Source records
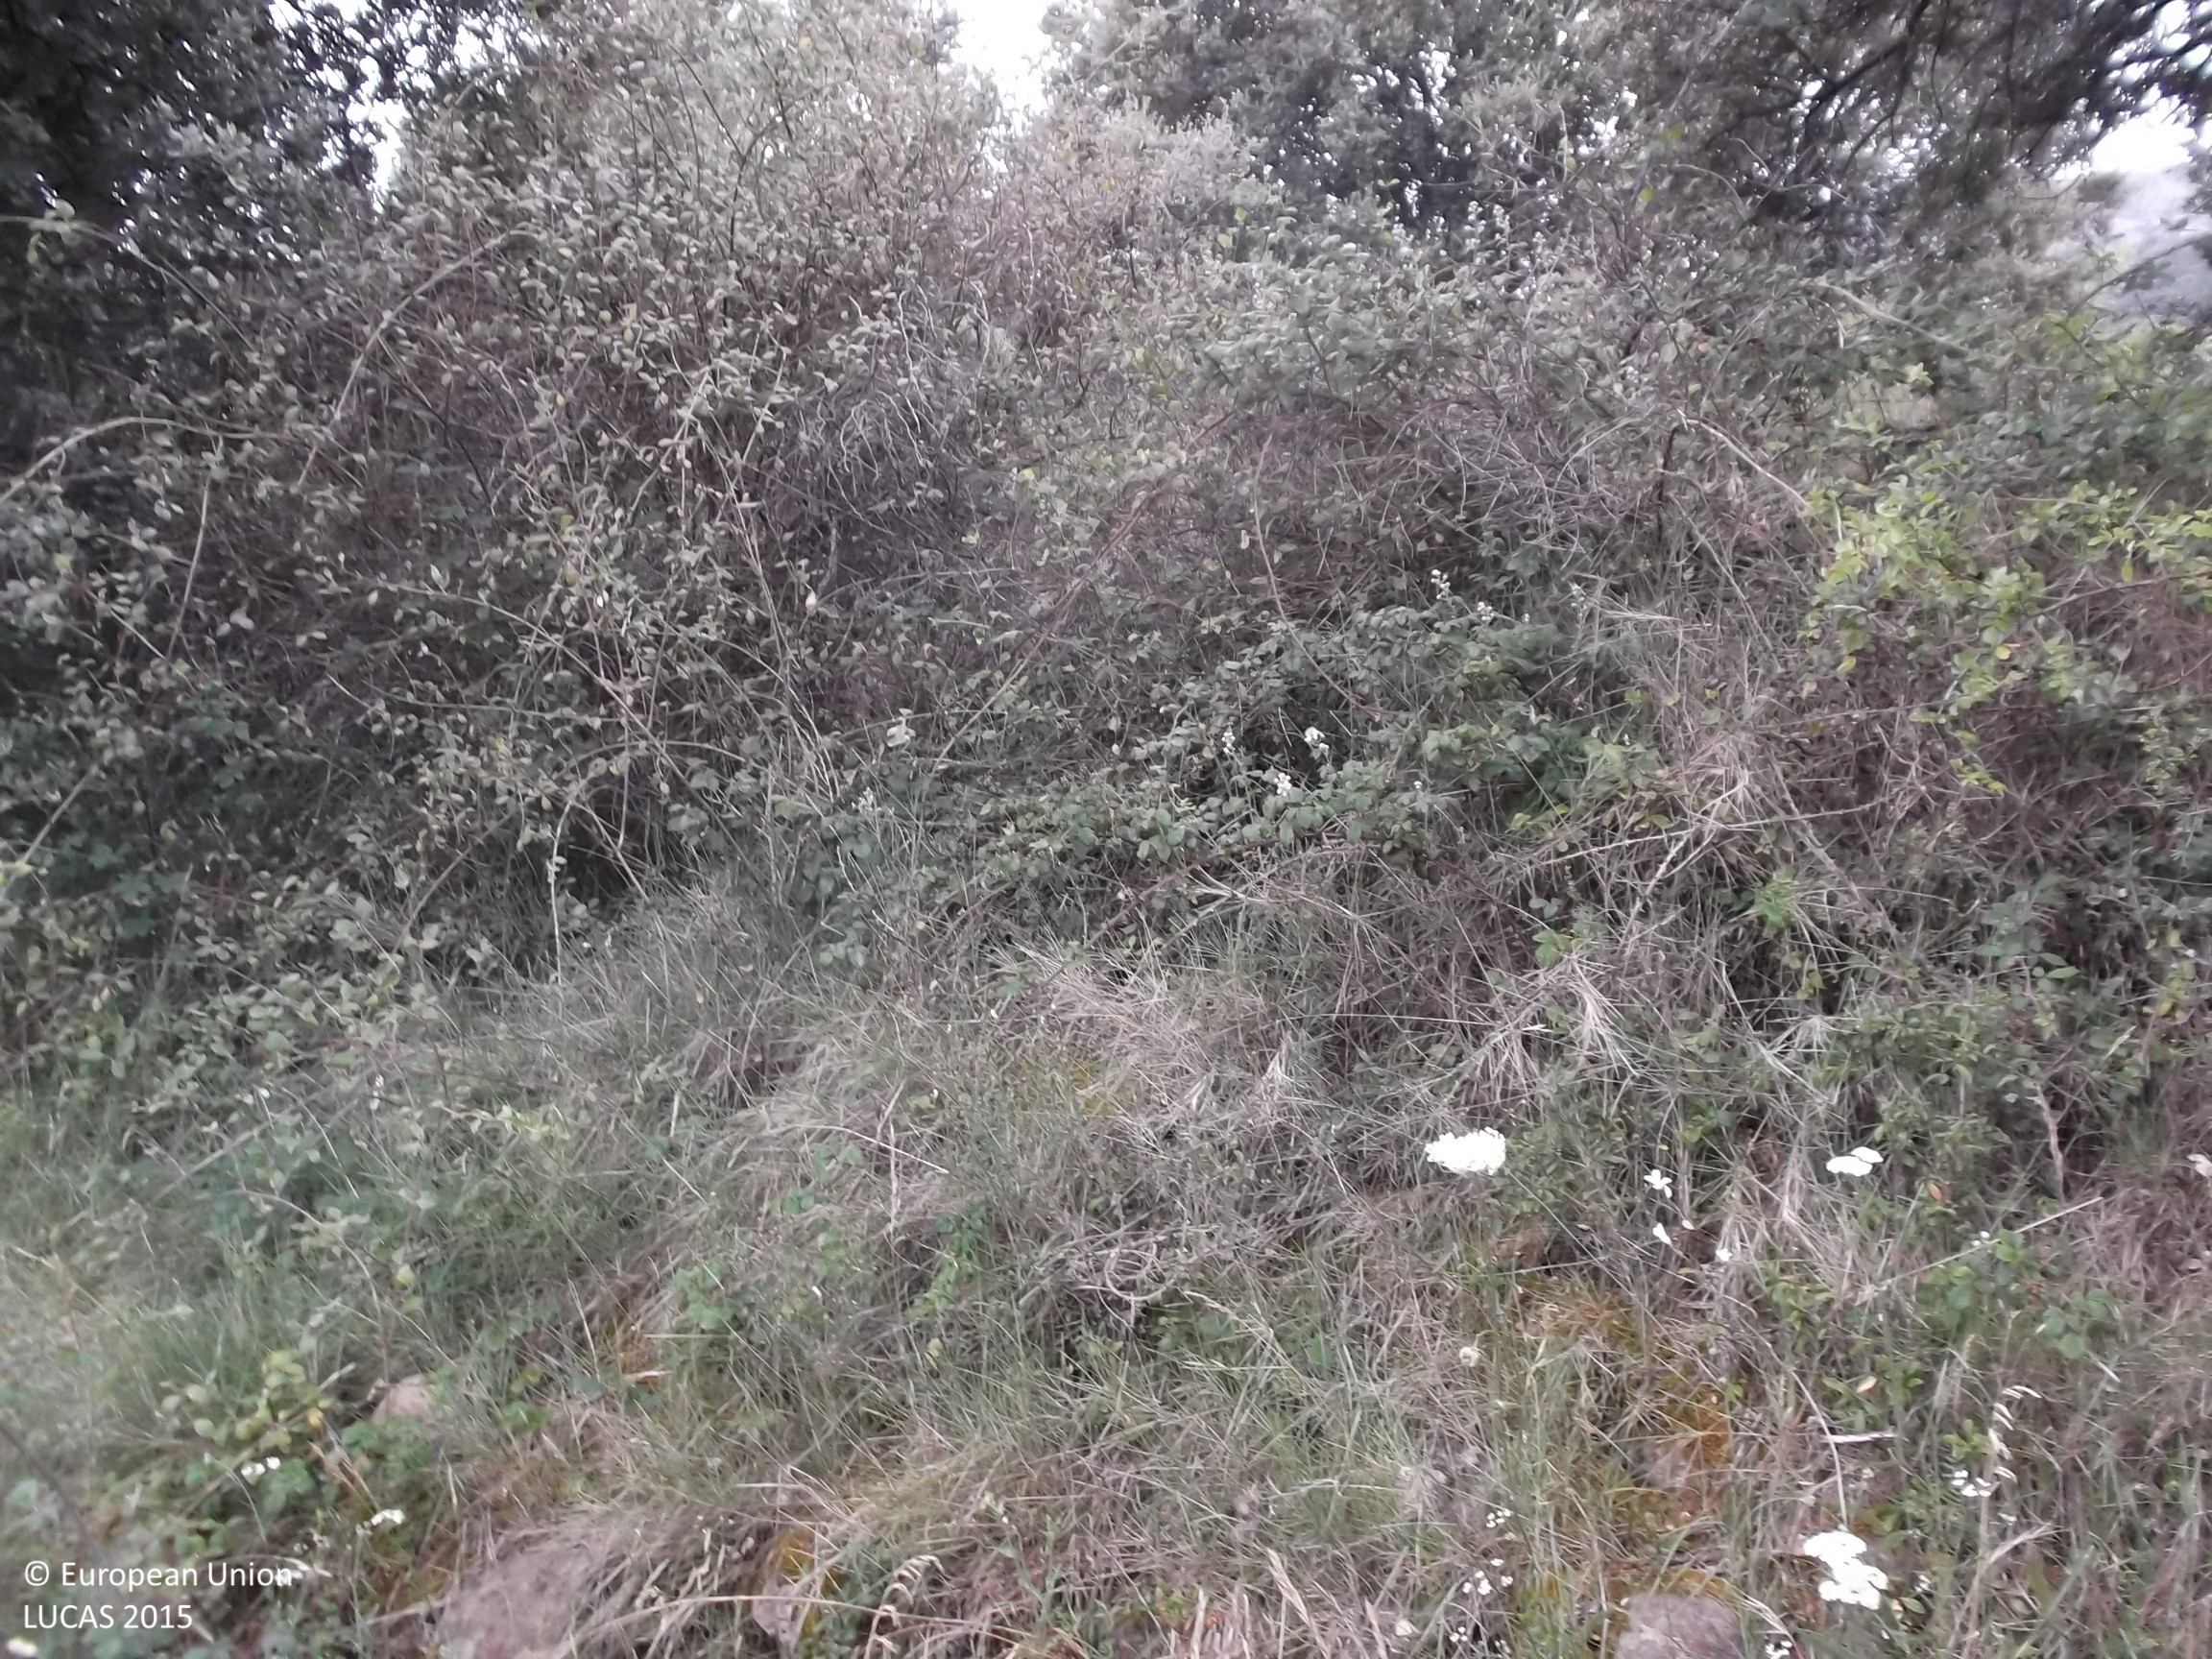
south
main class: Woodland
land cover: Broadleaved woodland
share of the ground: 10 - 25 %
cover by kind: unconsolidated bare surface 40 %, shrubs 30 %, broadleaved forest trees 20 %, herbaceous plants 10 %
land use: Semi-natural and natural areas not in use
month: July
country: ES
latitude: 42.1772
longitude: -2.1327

--

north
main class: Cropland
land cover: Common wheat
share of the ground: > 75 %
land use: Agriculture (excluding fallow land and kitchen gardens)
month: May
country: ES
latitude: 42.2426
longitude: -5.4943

* What to work on: Copy the stretch of the records above that runs from the line with "main class: Cropland" through the line with "longitude: -5.4943". Both end lines belong in the copy, and nothing else does.

* Completed task:
main class: Cropland
land cover: Common wheat
share of the ground: > 75 %
land use: Agriculture (excluding fallow land and kitchen gardens)
month: May
country: ES
latitude: 42.2426
longitude: -5.4943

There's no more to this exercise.